How Did an Episode of ‘The Sopranos’ Change TV Forever?

I was not able to watch The Sopranos when it was on the air, so I can’t fathom what it was like being introduced to Tony and his family at the time. But I can tell you what it was like when I was streaming the show for the first time years later.

You knew who Tony was—as one of the made men, the heads of a crime family—but you didn’t know him as a merciless killer.

Well, season one, episode five changed all of that. It ushered in the era of the antihero on television and paved the way for audiences accepting rooting for the bad guy. It is David Chase’s favorite episode of the series and one that lots of people love to talk about.

As I mentioned in the opening, this was the first time we saw an antihero on television. This wasn’t just some character shooting someone else. This was a guy sneaking up on someone and graphically choking him to death.

At the time, HBO was disenchanted it would alienate audiences. The network was so worried that showing Tony for whom he really was this early on would make people cringe, and turn audiences against the series.

Second, the show’s B-story featured Tony’s wife, Carmela, trying to seduce her priest, the only person in her world that puts in the effort to love and understand her.

These were world turns that Chase and the writers didn’t compromise on, though they did show that Tony’s snitch was dealing drugs, making his death more palatable.

Aside from those turns, the episode was hyperfocused on Tony and Carmela and their relationship with their kids. Away at college, Tony and Meadow enjoy a weekend of trust, where she asks him if he’s in the mafia. While not explicitly answering “Yes,” he does admit to making money illicit.Carmela and AJ are very different, with the son abandoning the mother and staying over at a friend’s house for the evening.

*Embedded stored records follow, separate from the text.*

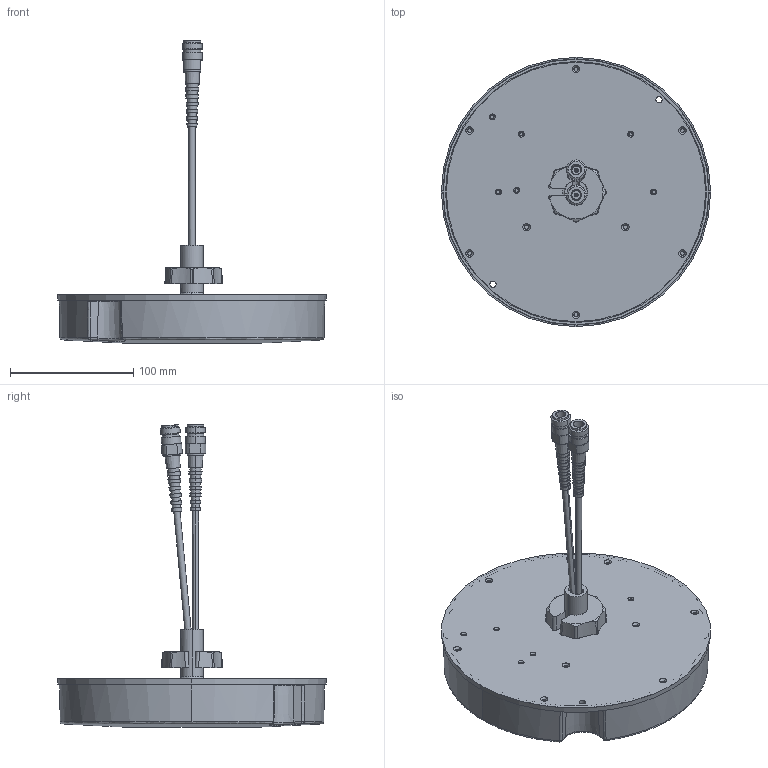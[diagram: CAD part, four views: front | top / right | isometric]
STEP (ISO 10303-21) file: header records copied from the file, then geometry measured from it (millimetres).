
FILE_DESCRIPTION (( 'STEP AP214' ), '1' );
FILE_NAME ('HG74205DPCUPR-NF_3D.STEP', '2021-04-12T18:39:26', ( '' ), ( '' ), 'SwSTEP 2.0', 'SolidWorks 2020', '' );
FILE_SCHEMA (( 'AUTOMOTIVE_DESIGN' ));
Length unit declared in the file: millimetre
Products named in the file (1): HG74205DPCUPR-NF_3D
Bounding box: 218 x 218 x 245.37 mm (x, y, z)
Volume: 220694.6 mm3; surface area: 227482 mm2
Topology: 6 solids, 12 shells, 837 faces, 2130 edges, 1383 vertices
Faces by surface type: plane 309, cylinder 263, cone 157, bspline 108
Entity records: 34252 total; most frequent: CARTESIAN_POINT 14748, ORIENTED_EDGE 4260, DIRECTION 3800, EDGE_CURVE 2130, AXIS2_PLACEMENT_3D 1499, VERTEX_POINT 1383, EDGE_LOOP 953, ADVANCED_FACE 837
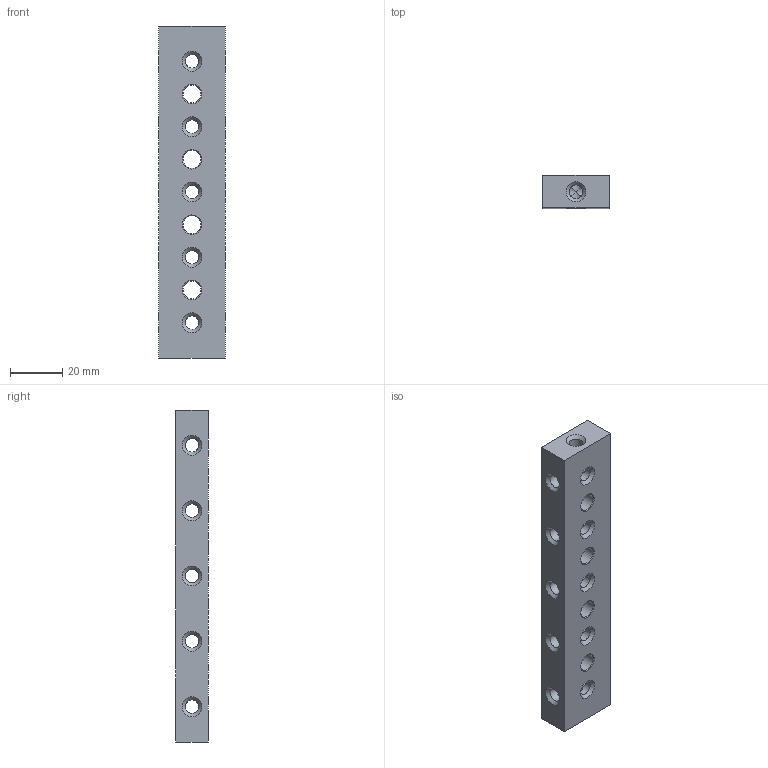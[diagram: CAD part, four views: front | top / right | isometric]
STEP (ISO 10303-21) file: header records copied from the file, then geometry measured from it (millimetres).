
FILE_DESCRIPTION (( 'STEP AP203' ), '1' );
FILE_NAME ('09360000M_step.STEP', '2023-11-27T22:44:42', ( '' ), ( '' ), 'SwSTEP 2.0', 'SolidWorks 2023', '' );
FILE_SCHEMA (( 'CONFIG_CONTROL_DESIGN' ));
Length unit declared in the file: inch
Products named in the file (1): 09360000M_step
Bounding box: 25.4 x 12.45 x 127 mm (x, y, z)
Volume: 32247.6 mm3; surface area: 13557.6 mm2
Topology: 1 solids, 1 shells, 370 faces, 1045 edges, 682 vertices
Faces by surface type: plane 264, bspline 39, cylinder 37, cone 30
Full cylindrical faces by diameter (mm): 5.207 x22, 6.807 x4, 11.252 x4
Entity records: 13767 total; most frequent: CARTESIAN_POINT 4679, ORIENTED_EDGE 1936, DIRECTION 1608, EDGE_CURVE 968, LINE 780, VECTOR 780, VERTEX_POINT 665, EDGE_LOOP 477
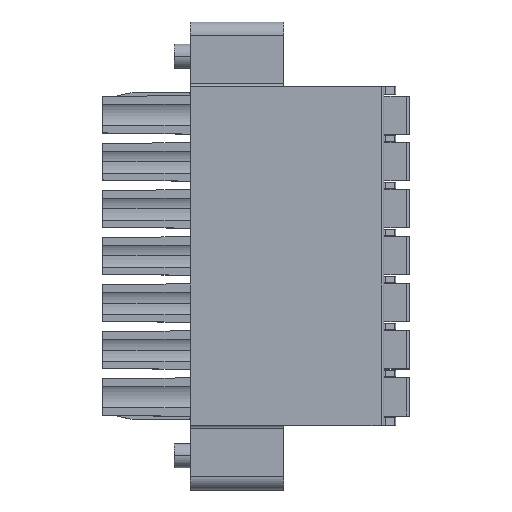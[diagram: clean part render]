
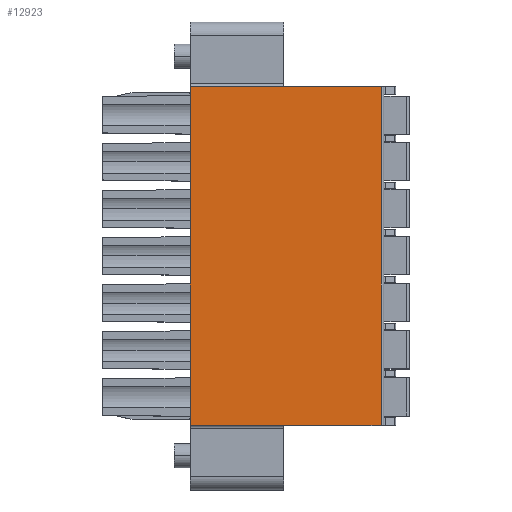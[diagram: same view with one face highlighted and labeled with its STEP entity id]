
A CAD part, top view. The second image highlights one B-rep face of the part: STEP entity #12923.
In plain terms, the highlighted planar face has unit normal (0, 0, 1).
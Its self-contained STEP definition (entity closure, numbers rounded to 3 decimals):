
#3851=DIRECTION('',(0.,1.,0.));
#3852=VECTOR('',#3851,25.2);
#3853=CARTESIAN_POINT('',(-6.625,-35.645,23.4));
#3854=LINE('',#3853,#3852);
#3855=DIRECTION('',(0.,-1.,0.));
#3856=VECTOR('',#3855,25.2);
#3857=CARTESIAN_POINT('',(7.575,-10.445,23.4));
#3858=LINE('',#3857,#3856);
#3859=DIRECTION('',(-1.,0.,0.));
#3860=VECTOR('',#3859,6.95);
#3861=CARTESIAN_POINT('',(0.325,-10.445,23.4));
#3862=LINE('',#3861,#3860);
#3943=DIRECTION('',(-1.,0.,0.));
#3944=VECTOR('',#3943,7.25);
#3945=CARTESIAN_POINT('',(7.575,-10.445,23.4));
#3946=LINE('',#3945,#3944);
#4233=DIRECTION('',(1.,0.,0.));
#4234=VECTOR('',#4233,7.25);
#4235=CARTESIAN_POINT('',(0.325,-35.645,23.4));
#4236=LINE('',#4235,#4234);
#4789=DIRECTION('',(1.,0.,0.));
#4790=VECTOR('',#4789,6.95);
#4791=CARTESIAN_POINT('',(-6.625,-35.645,23.4));
#4792=LINE('',#4791,#4790);
#6055=CARTESIAN_POINT('',(-6.625,-35.645,23.4));
#6057=VERTEX_POINT('',#6055);
#6230=CARTESIAN_POINT('',(7.575,-35.645,23.4));
#6231=VERTEX_POINT('',#6230);
#6232=CARTESIAN_POINT('',(0.325,-35.645,23.4));
#6233=VERTEX_POINT('',#6232);
#7436=CARTESIAN_POINT('',(-6.625,-10.445,23.4));
#7437=VERTEX_POINT('',#7436);
#7517=CARTESIAN_POINT('',(7.575,-10.445,23.4));
#7518=VERTEX_POINT('',#7517);
#7519=CARTESIAN_POINT('',(0.325,-10.445,23.4));
#7520=VERTEX_POINT('',#7519);
#12906=CARTESIAN_POINT('',(4.299,13.355,23.4));
#12907=DIRECTION('',(0.,0.,1.));
#12908=DIRECTION('',(-1.,0.,0.));
#12909=AXIS2_PLACEMENT_3D('',#12906,#12907,#12908);
#12910=PLANE('',#12909);
#12911=ORIENTED_EDGE('',*,*,#7769,.T.);
#12913=ORIENTED_EDGE('',*,*,#12912,.F.);
#12915=ORIENTED_EDGE('',*,*,#12914,.F.);
#12916=ORIENTED_EDGE('',*,*,#12896,.T.);
#12918=ORIENTED_EDGE('',*,*,#12917,.F.);
#12920=ORIENTED_EDGE('',*,*,#12919,.F.);
#12921=EDGE_LOOP('',(#12911,#12913,#12915,#12916,#12918,#12920));
#12922=FACE_OUTER_BOUND('',#12921,.F.);
#7769=EDGE_CURVE('',#6057,#7437,#3854,.T.);
#12896=EDGE_CURVE('',#7518,#6231,#3858,.T.);
#12912=EDGE_CURVE('',#7520,#7437,#3862,.T.);
#12914=EDGE_CURVE('',#7518,#7520,#3946,.T.);
#12917=EDGE_CURVE('',#6233,#6231,#4236,.T.);
#12919=EDGE_CURVE('',#6057,#6233,#4792,.T.);
#12923=ADVANCED_FACE('',(#12922),#12910,.T.);

It’s also rich in symbolism, with Tony watching the ducks fly after committing the murder. The same thing that gave him a panic attack in the pilot now brings him some peace.

But all is not well. Tony lies to Meadow when she questions the mud on his loafers and cut on his hand. We go from their trust and acceptance to a broken relationship again. One that will only worsen over the series.

Finally, Tony takes Meadow to her final college and sits and reads this Nathanial Hawthorne quote from The Scarlet Letter on the wall: “No man for any considerable period can wear one face to himself, and another to the multitude, without finally getting bewildered as to which may be the truth.”

This is the worry Tony has within his life. It’s the idea that he wears many faces, but his true one is that of a mafioso and not of a father.